LDA and PCA (Principal Component Analysis) are both dimensionality reduction techniques, but they have different objectives. LDA aims to find a linear combination of features that best separates classes, while PCA aims to find a linear combination of features that captures the most variance in the data. Additionally, LDA is a supervised learning algorithm, while PCA is unsupervised.

## 3. How does LDA handle class imbalance in the data?

LDA takes into account the prior probability of each class when finding the linear combination of features that best separates the classes. This means that even if one class is significantly larger than the others, LDA will still consider the smaller classes in the classification process.

## 4. Can LDA be used for non-linearly separable data?

No, LDA is a linear method, meaning it assumes that the data can be separated by a straight line or plane.

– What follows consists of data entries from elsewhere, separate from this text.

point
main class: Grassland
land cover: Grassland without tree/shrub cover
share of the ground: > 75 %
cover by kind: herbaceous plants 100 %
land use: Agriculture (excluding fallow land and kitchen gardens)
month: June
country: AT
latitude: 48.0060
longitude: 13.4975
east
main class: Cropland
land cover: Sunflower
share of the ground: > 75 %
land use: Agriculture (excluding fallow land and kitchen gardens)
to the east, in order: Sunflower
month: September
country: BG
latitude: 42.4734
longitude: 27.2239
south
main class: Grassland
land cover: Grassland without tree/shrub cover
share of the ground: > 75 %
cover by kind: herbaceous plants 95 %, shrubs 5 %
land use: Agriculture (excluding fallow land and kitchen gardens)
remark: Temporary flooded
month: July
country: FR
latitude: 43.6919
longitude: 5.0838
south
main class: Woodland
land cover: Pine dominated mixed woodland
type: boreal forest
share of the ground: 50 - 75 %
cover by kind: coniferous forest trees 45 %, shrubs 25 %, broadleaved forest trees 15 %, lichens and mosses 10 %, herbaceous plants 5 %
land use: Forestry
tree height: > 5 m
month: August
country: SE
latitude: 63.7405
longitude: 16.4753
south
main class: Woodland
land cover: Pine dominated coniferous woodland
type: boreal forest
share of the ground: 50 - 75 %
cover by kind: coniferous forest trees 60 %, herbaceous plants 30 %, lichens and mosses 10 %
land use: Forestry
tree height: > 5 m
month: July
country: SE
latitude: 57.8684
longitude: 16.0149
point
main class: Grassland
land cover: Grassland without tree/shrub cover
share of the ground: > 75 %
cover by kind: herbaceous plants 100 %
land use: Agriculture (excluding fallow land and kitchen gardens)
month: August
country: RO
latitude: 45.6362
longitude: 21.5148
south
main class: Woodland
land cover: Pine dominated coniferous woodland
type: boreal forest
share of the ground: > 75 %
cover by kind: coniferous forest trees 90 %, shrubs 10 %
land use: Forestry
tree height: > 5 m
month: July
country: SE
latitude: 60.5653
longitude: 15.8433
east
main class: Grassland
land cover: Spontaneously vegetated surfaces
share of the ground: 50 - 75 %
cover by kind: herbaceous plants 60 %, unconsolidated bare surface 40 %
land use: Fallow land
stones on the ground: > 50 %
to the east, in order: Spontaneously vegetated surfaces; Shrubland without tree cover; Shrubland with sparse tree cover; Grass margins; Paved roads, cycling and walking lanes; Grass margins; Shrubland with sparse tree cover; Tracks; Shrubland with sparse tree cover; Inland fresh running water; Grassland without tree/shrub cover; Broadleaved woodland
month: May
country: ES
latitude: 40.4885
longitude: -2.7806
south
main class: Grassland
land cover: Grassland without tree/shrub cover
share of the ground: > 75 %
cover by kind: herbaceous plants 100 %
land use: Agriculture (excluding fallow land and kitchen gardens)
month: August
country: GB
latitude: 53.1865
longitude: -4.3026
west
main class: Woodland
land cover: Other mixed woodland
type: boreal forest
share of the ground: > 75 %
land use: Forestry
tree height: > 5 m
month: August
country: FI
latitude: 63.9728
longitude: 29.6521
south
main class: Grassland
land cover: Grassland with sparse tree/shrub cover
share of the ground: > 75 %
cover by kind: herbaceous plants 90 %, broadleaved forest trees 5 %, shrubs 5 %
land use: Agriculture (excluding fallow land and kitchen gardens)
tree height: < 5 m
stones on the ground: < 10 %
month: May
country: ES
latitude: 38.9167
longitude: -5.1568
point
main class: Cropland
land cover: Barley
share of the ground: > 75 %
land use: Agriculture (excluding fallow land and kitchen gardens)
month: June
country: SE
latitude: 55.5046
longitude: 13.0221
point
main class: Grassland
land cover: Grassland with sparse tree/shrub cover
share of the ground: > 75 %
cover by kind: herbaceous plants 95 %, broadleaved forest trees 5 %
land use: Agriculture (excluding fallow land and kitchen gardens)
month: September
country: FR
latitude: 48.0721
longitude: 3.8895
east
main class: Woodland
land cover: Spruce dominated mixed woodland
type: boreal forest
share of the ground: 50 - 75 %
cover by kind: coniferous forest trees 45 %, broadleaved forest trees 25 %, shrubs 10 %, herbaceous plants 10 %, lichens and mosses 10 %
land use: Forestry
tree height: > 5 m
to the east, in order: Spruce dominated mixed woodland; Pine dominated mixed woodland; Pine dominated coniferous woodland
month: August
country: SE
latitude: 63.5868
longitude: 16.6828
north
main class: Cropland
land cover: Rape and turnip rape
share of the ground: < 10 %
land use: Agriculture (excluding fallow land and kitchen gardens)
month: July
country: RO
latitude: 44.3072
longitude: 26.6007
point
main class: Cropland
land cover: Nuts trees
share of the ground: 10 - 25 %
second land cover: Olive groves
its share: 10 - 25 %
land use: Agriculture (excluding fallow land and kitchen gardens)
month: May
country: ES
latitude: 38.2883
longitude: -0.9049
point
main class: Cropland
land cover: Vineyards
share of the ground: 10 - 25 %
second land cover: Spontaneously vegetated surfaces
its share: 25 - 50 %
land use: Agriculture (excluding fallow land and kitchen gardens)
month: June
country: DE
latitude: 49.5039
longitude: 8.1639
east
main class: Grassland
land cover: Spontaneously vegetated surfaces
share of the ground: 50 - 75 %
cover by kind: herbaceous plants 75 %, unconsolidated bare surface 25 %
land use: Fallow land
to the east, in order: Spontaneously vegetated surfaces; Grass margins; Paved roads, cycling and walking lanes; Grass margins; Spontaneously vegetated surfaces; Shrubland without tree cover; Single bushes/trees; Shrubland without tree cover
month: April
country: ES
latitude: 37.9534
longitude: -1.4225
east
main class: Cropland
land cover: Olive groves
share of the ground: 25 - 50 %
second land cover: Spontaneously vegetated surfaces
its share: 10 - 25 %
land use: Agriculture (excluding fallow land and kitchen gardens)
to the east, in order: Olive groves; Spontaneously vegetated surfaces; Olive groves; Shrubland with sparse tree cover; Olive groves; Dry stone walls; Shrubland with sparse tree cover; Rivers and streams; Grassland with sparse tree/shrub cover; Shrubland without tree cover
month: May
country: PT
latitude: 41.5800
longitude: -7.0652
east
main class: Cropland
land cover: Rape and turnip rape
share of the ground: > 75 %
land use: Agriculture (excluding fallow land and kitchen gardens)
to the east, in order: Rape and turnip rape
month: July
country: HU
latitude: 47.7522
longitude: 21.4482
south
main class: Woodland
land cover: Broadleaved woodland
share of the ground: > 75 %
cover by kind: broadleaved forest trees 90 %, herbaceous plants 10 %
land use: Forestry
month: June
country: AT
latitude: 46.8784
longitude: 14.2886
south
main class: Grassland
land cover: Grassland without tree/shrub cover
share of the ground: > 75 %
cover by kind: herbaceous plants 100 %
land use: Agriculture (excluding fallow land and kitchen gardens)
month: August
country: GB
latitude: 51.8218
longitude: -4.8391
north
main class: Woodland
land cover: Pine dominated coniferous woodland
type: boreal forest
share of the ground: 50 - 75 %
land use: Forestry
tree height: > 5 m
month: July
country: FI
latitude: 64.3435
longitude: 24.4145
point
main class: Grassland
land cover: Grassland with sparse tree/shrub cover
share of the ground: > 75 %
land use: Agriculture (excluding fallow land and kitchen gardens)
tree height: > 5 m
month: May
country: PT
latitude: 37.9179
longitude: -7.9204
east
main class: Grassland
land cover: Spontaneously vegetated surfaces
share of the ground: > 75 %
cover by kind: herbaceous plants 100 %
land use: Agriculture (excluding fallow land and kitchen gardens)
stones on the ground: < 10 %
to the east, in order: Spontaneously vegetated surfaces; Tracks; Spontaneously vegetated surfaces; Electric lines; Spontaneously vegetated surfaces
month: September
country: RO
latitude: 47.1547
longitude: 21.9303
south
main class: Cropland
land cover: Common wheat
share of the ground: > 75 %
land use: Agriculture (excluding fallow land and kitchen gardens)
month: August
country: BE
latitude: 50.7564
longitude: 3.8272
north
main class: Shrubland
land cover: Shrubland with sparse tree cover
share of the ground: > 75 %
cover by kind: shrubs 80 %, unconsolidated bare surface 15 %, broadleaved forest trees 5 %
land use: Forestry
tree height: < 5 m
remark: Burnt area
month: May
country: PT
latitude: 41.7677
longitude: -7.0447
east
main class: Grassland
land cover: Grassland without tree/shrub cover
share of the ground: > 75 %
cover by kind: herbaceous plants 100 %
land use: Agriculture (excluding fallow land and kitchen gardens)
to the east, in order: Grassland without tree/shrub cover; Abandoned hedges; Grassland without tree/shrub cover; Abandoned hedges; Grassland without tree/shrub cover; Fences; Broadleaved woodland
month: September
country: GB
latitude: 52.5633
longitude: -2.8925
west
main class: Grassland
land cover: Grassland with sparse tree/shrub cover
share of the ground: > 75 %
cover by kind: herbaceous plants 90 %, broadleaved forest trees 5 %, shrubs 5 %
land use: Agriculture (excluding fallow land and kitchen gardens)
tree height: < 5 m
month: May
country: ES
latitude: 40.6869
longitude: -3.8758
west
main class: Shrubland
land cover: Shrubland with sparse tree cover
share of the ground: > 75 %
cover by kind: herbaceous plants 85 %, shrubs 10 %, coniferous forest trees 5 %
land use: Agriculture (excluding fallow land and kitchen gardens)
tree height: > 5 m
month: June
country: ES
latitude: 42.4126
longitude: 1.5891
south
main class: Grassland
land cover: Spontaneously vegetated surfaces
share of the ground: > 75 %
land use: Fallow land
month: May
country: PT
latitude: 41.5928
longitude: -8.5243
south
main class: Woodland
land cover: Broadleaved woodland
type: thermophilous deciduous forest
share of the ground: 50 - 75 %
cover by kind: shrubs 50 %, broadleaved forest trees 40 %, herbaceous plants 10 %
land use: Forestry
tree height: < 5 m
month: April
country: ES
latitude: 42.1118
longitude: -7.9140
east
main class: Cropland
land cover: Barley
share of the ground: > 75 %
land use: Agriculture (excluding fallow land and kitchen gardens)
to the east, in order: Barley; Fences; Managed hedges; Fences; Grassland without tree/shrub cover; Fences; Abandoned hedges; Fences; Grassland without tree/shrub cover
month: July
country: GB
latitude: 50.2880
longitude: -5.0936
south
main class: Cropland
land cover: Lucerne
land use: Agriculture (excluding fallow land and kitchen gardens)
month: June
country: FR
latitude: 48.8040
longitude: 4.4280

If the data is non-linearly separable, LDA will not be able to accurately classify it.

## 5. Are there any assumptions or limitations of LDA?

Yes, LDA has several assumptions and limitations. It assumes that the data is normally distributed and that the classes have equal covariance matrices. It also requires that the number of features is less than the number of data points. Additionally, LDA may not perform well if the classes overlap significantly or if there are too many features that are highly correlated.